14

I'm storing a lot of complex data in tuples/lists, but would prefer to use small wrapper classes to make the data structures easier to understand, e.g.

class Person:
    def __init__(self, first, last):
        self.first = first
        self.last = last

p = Person('foo', 'bar')
print(p.last)
...

would be preferable over

p = ['foo', 'bar']
print(p[1])
...

however there seems to be a horrible memory overhead:

l = [Person('foo', 'bar') for i in range(10000000)]
# ipython now taks 1.7 GB RAM

and

del l
l = [('foo', 'bar') for i in range(10000000)]
# now just 118 MB RAM

Why? is there any obvious alternative solution that I didn't think of?

Thanks!

(I know, in this example the 'wrapper' class looks silly. But when the data becomes more complex and nested, it is more useful)

seb314
  • 151
  • 1
  • 5
  • 2
    `collections.namedtuple` seem like they are made for this purpose, but they take around `1.1GB` for your example. Not much better. – randomir Jul 15 '17 at 22:28
  • 2
    Looks into `__slots__` or move to Python 3 for [key-sharing dictionary](https://www.python.org/dev/peps/pep-0412/). – Ashwini Chaudhary Jul 15 '17 at 22:39
  • 1
    In the case of tuples, I believe it just references the same tuple 10 million times. When you create an object, either class or a new tuple, it uses a lot more memory – Garr Godfrey Jul 15 '17 at 22:42
  • 1
    As indicated in the answers, your tuple example only creates a single tuple object. You should create a test case where you create a lot of *different* tuples vs custom objects and see how the performance is. – BrenBarn Jul 15 '17 at 22:42
  • 1
    try randomizing the values, you should get a different result. – Garr Godfrey Jul 15 '17 at 22:42
  • Related: [Is `namedtuple` really as efficient in memory usage as tuples? My test says NO](https://stackoverflow.com/q/41003081/846892) – Ashwini Chaudhary Jul 15 '17 at 22:42

4 Answers4

24

As others have said in their answers, you'll have to generate different objects for the comparison to make sense.
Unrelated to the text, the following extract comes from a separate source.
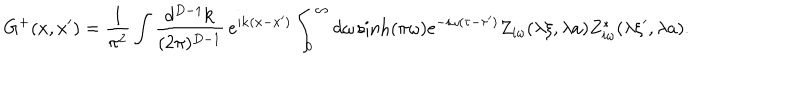
G ^ { + } ( x , x ^ { \prime } ) = \frac { 1 } { \pi ^ { 2 } } \int \frac { d ^ { D - 1 } { \mathbf k } } { ( 2 \pi ) ^ { D - 1 } } \, e ^ { i { \mathbf k } ( { \mathbf x } - { \mathbf x ^ { \prime } } ) } \int _ { 0 } ^ { \infty } d \omega \sinh ( \pi \omega ) e ^ { - i \omega ( \tau - \tau ^ { \prime } ) } Z _ { i \omega } ( \lambda \xi , \lambda a ) Z _ { i \omega } ^ { * } ( \lambda \xi ^ { \prime } , \lambda a ) .

So, let's compare some approaches.

tuple

l = [(i, i) for i in range(10000000)]
# memory taken by Python3: 1.0 GB

class Person

class Person:
    def __init__(self, first, last):
        self.first = first
        self.last = last

l = [Person(i, i) for i in range(10000000)]
# memory: 2.0 GB

namedtuple (tuple + __slots__)

from collections import namedtuple
Person = namedtuple('Person', 'first last')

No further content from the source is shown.